As it stands, RAM principally comprises procedures utilizing either platelet-rich plasma (PRP) and a host of related products or adipose-derived stem cells (ADSCs). However, exosomes are assuming a growing place in RAM, he noted. The leading areas in which RAM is being applied in dermatology include hair restoration, wound healing, scar reduction, and antiaging/rejuvenation procedures for improving skin laxity, texture, and tone.
Werschler explained that understanding the various RAM modalities comes down to 3 key concepts: cell type, growth factors, and tissue matrix. For example, PRP and its derivatives provide an array of growth factors and signaling proteins that activate cells and stimulate cell differentiation, growth, proliferation, and migration within a fibrin matrix.

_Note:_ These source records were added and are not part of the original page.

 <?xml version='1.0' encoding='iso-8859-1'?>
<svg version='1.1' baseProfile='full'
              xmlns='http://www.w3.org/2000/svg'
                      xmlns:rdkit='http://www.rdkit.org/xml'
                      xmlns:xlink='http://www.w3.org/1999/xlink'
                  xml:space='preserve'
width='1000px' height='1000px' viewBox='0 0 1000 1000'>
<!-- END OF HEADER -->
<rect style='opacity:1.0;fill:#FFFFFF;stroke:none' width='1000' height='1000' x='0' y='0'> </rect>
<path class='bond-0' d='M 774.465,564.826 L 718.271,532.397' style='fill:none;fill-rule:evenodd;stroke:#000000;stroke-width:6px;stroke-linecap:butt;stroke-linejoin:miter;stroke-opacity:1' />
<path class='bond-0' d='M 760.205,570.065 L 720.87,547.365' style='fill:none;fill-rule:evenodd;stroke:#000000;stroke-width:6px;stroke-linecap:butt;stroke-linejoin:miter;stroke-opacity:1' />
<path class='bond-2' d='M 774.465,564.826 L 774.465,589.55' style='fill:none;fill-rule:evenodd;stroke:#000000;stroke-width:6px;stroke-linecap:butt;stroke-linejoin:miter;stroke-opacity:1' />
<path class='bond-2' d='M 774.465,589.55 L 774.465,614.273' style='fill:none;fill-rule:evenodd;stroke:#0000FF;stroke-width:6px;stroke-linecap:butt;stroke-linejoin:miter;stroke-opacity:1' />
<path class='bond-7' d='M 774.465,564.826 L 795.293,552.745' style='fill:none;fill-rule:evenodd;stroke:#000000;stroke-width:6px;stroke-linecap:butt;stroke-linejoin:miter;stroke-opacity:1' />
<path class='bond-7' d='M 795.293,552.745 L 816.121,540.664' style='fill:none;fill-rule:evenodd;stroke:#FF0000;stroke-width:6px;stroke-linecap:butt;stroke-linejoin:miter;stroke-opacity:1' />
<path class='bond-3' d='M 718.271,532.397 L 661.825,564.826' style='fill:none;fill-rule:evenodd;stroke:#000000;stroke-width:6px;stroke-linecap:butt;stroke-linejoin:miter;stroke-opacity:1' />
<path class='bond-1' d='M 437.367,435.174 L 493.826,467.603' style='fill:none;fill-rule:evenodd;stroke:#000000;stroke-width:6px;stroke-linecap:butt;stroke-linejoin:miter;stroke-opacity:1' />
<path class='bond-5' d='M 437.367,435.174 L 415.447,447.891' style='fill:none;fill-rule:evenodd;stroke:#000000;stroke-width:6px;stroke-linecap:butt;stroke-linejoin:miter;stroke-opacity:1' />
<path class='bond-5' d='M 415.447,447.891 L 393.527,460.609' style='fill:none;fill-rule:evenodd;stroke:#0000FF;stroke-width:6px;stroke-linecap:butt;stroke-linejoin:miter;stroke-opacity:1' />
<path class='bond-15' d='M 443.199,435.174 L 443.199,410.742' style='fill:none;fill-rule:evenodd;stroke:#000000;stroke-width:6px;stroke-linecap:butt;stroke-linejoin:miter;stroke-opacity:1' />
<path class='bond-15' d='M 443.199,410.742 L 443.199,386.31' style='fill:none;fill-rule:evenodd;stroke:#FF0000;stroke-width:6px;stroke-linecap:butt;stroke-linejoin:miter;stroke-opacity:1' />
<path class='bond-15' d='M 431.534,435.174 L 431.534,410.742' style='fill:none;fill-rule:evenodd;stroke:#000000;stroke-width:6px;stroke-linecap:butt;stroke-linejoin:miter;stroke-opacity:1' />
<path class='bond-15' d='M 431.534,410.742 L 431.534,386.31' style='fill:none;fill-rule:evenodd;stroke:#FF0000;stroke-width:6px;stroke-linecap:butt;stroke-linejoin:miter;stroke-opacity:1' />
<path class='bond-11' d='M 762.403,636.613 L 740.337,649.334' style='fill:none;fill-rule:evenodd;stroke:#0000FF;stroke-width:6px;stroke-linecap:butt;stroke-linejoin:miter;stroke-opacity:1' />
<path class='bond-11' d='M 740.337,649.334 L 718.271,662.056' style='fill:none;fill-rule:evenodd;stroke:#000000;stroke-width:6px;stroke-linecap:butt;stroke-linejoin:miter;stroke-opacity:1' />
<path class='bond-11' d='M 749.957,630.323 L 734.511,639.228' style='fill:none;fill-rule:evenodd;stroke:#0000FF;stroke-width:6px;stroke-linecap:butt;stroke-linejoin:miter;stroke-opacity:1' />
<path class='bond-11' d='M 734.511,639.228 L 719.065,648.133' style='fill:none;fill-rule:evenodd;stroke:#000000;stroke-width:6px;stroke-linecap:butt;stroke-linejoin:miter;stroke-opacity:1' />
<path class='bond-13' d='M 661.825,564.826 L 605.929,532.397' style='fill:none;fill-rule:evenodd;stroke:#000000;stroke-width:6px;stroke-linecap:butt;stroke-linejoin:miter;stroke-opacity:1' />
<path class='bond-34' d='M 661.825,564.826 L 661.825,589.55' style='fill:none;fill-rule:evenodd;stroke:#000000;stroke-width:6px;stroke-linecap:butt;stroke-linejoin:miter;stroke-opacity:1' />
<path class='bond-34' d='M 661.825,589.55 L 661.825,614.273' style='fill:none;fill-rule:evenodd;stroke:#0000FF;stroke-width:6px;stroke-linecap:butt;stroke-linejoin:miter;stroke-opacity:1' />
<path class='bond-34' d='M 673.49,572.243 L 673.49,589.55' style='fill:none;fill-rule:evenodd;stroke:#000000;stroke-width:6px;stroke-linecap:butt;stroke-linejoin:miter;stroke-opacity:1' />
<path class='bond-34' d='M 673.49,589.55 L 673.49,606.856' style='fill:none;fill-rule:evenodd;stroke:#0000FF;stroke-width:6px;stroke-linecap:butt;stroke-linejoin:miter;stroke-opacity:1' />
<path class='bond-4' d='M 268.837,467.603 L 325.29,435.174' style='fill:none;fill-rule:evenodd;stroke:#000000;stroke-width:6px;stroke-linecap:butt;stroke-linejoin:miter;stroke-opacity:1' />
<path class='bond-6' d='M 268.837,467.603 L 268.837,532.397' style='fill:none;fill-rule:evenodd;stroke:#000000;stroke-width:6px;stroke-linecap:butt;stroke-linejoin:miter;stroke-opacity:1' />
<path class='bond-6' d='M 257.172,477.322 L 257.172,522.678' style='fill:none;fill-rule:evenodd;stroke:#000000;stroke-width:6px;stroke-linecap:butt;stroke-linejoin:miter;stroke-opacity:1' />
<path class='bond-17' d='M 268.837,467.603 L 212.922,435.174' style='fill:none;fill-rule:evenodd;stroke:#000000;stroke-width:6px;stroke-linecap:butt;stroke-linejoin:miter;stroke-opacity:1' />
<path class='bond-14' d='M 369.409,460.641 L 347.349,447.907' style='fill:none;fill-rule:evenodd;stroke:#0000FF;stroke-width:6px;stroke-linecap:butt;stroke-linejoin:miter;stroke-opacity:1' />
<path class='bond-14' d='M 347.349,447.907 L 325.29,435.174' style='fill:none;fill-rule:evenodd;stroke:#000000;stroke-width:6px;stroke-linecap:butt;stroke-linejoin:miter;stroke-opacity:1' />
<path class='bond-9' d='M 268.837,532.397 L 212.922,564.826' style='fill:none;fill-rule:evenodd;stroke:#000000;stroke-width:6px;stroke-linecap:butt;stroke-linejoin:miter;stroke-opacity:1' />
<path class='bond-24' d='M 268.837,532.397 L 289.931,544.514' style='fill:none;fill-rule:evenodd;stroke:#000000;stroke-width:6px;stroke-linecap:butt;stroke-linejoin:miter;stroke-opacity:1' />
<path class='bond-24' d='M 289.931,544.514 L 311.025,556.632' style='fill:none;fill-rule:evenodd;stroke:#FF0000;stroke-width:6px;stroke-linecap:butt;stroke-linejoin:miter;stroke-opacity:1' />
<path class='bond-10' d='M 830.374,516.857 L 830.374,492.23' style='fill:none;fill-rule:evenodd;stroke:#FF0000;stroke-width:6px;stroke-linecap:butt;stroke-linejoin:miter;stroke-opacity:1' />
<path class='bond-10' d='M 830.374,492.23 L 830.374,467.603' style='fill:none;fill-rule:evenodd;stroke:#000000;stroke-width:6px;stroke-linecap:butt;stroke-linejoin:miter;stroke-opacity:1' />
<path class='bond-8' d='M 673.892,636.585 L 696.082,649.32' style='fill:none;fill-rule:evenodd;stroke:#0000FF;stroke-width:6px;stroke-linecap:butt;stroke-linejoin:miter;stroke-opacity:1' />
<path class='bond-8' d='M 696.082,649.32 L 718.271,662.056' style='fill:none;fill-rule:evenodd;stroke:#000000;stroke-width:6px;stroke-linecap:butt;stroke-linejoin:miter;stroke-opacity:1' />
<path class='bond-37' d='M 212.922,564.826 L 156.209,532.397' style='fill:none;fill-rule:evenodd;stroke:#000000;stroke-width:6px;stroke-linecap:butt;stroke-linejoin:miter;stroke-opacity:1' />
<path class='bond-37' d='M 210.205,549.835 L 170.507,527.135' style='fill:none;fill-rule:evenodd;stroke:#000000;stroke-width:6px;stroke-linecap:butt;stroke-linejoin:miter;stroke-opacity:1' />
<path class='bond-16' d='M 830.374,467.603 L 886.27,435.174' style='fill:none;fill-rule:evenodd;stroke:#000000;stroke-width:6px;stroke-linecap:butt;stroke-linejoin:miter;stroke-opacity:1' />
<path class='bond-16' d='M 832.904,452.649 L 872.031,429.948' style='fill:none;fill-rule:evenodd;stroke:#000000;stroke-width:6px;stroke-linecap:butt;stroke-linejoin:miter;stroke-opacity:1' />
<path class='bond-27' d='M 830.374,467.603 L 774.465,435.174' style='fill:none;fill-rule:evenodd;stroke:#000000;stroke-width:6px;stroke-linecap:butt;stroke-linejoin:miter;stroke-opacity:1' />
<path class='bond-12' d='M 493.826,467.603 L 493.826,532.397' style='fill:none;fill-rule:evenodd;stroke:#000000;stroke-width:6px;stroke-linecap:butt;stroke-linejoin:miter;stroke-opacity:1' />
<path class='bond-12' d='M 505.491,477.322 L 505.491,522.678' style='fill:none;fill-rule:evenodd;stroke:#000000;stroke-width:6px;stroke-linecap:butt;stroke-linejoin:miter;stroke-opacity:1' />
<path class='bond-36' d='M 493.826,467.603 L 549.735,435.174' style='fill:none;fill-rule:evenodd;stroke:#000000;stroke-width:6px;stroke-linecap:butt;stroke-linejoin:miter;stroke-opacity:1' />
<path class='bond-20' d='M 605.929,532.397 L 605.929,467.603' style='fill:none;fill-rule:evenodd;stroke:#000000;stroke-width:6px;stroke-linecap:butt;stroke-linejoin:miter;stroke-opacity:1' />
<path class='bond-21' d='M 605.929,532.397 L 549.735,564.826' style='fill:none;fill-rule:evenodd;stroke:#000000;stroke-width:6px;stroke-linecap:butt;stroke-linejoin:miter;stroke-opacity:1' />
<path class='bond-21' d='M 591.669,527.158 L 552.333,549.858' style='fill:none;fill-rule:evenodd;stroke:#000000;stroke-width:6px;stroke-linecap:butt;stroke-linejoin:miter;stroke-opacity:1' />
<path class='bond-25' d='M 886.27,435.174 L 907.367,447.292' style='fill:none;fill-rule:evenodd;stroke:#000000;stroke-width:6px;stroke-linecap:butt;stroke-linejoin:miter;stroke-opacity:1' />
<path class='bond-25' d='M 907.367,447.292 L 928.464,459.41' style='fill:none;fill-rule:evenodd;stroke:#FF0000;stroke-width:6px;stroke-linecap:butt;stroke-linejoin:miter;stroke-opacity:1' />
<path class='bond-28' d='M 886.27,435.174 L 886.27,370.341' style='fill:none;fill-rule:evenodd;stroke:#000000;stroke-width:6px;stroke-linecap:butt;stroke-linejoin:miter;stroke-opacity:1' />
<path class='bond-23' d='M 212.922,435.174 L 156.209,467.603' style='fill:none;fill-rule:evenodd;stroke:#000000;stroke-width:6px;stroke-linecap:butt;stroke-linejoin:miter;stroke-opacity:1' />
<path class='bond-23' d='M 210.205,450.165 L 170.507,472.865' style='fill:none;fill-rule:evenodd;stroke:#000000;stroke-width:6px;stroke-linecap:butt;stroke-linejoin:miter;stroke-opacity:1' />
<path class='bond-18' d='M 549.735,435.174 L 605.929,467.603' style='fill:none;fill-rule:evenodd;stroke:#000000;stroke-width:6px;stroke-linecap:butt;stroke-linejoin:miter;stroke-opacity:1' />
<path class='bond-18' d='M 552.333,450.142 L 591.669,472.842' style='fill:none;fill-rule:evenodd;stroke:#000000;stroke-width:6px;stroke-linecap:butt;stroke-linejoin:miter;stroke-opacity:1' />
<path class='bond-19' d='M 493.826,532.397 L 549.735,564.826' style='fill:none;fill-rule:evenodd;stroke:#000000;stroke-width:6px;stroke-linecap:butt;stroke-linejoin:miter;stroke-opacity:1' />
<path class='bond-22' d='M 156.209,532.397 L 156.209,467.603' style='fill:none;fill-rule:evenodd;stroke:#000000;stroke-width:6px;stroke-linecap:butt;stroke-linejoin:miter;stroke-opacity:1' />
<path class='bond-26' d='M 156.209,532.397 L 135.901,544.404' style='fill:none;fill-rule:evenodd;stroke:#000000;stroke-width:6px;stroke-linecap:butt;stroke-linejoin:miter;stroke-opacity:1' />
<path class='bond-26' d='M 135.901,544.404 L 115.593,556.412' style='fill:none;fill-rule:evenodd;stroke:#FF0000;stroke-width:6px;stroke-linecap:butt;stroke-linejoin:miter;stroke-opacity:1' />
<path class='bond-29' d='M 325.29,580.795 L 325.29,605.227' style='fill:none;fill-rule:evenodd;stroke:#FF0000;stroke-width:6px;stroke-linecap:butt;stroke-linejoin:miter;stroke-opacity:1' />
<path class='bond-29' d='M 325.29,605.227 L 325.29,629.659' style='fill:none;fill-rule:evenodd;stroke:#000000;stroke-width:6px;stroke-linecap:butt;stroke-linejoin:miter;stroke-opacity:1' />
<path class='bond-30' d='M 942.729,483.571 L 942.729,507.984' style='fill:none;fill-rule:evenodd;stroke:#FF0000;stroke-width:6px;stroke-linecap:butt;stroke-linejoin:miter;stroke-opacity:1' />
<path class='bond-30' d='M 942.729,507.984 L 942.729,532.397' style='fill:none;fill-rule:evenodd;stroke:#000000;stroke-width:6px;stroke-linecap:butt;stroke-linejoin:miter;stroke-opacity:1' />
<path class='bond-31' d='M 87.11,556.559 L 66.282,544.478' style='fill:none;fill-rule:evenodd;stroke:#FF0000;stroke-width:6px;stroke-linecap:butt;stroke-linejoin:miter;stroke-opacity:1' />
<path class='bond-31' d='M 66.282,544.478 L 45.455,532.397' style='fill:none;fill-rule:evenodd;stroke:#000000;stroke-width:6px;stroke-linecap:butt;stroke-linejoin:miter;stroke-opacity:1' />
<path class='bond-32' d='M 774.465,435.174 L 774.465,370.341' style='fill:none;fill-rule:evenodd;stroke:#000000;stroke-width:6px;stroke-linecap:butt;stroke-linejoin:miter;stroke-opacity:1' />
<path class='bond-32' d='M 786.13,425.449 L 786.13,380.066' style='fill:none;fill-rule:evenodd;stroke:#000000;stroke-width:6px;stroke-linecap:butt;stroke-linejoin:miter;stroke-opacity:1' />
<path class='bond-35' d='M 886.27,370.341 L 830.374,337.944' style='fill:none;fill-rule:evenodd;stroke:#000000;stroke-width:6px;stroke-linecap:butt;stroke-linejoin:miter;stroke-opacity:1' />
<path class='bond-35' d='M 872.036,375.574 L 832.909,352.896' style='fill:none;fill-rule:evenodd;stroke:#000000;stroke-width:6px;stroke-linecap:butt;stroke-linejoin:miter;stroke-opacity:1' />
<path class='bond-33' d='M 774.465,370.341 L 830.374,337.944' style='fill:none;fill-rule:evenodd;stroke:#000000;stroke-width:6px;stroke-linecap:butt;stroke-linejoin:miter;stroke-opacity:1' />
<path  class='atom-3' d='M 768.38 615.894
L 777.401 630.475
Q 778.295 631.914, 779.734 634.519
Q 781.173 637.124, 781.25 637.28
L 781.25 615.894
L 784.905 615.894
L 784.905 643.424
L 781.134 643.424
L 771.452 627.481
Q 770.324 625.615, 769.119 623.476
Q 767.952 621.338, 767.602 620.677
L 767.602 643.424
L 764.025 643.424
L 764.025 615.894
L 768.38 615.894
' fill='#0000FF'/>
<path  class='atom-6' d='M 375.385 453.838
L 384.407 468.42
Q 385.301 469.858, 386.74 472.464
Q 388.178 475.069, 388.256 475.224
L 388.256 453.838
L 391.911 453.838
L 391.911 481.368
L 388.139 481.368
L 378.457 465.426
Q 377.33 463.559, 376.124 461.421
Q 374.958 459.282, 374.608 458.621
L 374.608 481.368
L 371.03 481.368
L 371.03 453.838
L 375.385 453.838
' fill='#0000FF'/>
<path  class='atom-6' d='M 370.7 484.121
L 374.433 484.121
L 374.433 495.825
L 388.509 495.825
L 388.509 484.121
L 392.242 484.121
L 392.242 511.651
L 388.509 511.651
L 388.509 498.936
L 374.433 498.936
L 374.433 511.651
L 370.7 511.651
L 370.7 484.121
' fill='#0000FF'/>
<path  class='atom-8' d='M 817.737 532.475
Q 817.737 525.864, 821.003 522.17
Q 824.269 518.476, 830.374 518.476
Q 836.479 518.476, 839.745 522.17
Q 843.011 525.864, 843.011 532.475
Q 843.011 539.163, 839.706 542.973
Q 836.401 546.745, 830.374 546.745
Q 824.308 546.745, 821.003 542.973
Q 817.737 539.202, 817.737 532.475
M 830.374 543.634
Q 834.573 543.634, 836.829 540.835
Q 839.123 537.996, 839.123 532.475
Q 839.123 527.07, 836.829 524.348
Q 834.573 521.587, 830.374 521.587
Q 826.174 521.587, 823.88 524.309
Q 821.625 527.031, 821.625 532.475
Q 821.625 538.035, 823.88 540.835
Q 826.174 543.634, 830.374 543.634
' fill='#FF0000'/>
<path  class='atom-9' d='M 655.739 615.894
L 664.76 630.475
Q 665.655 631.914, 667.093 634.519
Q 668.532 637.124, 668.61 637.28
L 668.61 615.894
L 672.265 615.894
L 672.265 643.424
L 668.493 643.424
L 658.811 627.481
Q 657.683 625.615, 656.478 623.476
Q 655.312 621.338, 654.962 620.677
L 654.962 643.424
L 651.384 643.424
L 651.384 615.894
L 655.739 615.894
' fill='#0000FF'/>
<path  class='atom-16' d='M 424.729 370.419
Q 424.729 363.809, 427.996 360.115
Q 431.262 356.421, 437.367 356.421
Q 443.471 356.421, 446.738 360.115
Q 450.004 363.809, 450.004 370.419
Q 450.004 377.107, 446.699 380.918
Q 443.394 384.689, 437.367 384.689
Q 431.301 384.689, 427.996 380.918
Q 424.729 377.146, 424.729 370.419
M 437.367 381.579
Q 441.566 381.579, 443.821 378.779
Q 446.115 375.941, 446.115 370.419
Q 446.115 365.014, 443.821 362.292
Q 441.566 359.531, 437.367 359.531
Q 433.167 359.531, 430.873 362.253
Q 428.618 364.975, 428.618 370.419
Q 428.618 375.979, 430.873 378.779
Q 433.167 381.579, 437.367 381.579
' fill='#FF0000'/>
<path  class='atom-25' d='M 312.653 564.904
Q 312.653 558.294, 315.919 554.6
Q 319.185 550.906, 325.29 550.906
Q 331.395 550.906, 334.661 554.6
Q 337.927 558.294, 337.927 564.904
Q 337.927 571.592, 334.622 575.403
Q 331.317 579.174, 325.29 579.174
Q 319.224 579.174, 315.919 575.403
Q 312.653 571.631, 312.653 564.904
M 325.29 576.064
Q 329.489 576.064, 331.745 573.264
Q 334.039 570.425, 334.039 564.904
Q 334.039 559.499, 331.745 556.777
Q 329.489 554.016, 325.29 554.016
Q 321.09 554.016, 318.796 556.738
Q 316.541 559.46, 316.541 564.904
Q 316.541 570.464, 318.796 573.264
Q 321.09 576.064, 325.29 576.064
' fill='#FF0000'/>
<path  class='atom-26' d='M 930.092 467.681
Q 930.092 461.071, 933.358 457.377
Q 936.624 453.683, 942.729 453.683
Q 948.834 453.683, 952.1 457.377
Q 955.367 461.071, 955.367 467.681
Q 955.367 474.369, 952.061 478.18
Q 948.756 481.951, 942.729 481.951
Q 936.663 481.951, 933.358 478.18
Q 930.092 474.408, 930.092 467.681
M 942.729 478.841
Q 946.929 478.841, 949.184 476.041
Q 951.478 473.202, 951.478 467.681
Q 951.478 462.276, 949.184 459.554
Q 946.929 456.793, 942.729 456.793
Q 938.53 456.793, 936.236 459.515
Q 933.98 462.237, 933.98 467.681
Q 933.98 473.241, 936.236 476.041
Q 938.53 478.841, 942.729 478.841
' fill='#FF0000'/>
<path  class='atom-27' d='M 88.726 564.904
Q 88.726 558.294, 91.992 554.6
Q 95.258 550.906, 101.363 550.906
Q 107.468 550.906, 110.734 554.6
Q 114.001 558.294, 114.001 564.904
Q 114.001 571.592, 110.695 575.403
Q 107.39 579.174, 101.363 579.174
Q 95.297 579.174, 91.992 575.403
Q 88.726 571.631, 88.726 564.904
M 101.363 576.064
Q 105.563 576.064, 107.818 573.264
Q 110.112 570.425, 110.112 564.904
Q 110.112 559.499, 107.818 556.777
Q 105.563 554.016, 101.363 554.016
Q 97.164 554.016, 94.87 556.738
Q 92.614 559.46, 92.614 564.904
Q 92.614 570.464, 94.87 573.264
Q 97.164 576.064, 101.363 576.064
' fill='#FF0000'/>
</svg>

“PRP is the gateway to initiating the healing cascade, and it accommodates a variety of aesthetic needs,” Werschler said. “It’s like a dermal filler that’s turbocharged.”
There is no standard protocol for preparing PRP, but the main principle is to increase the concentration of platelets in a blood sample to between 2 and 5 times the normal physiological value. The final material is then delivered to tissue via microneedling, direct injection, or other open direct applications. The PRP sample is sometimes also mixed with another material such as a dermal filler that will act as a matrix to maintain the PRP at the site of delivery.
Stem cells used in RAM are predominantly mesenchymal stem cells derived from fat that communicate via paracrine mechanisms using exosomes, which are extracellular vesicles that act as messengers. In addition, the bulge in hair follicles is a rich source for epithelial and melanocytic stem cells.
The popularity of ADSCs is explained by their abundance in fat and by the relative ease with which fat can be obtained. Nevertheless, clinicians need to pay attention to the techniques used for fat harvesting, fat processing/sizing, and subsequent reinjection to generate the most optimal results.
“Variability in the performance of these steps probably explains the variability in results achieved,” Werschler said. “There is no single best way yet determined to perform ADSC therapy. Different practitioners have different techniques and subsequently different outcomes. Over time, there will be further standardization of techniques either through rigorous investigation and clinical trials or through mandated regulatory oversight.”
Disclosure:
Werschler is a consultant or independent contractor for AbbVie, Suneva Medical, Inc, and Ultherapy. He receives grants or research support from Allergan, Amgen, Boehringer Ingelheim, DermAvance, Galderma, Genentech, Janssen Pharmaceutical Companies of Johnson & Johnson, Kythera Biopharmaceuticals, Pfizer Inc, Suneva Medical, Inc, and Ultherapy. He has received honoraria from AbbVie, Allergan, Celgene Corporation, continuED Medical LLC, Leo, Merz Therapeutics, Prescriber’s Choice, and Sunev. He is a speaker for AbbVie, Allergan, Celgene Corporation, Aclaris Therapeutics, Leo, Merz Therapeutics, Prescriber’s Choice, Pfizer Inc, Ultherapy, and Xoft.
Reference:
1. Werschler W. Hot topic: regeneration will replace rejuvenation 2021- the science behind regeneration. Presented at: Maui Derm Live In-Person Dermatology CME Conference and Maui Derm Connect Virtual Dermatology CME Conference; January 25-29, 2021; Maui, Hawaii; virtual.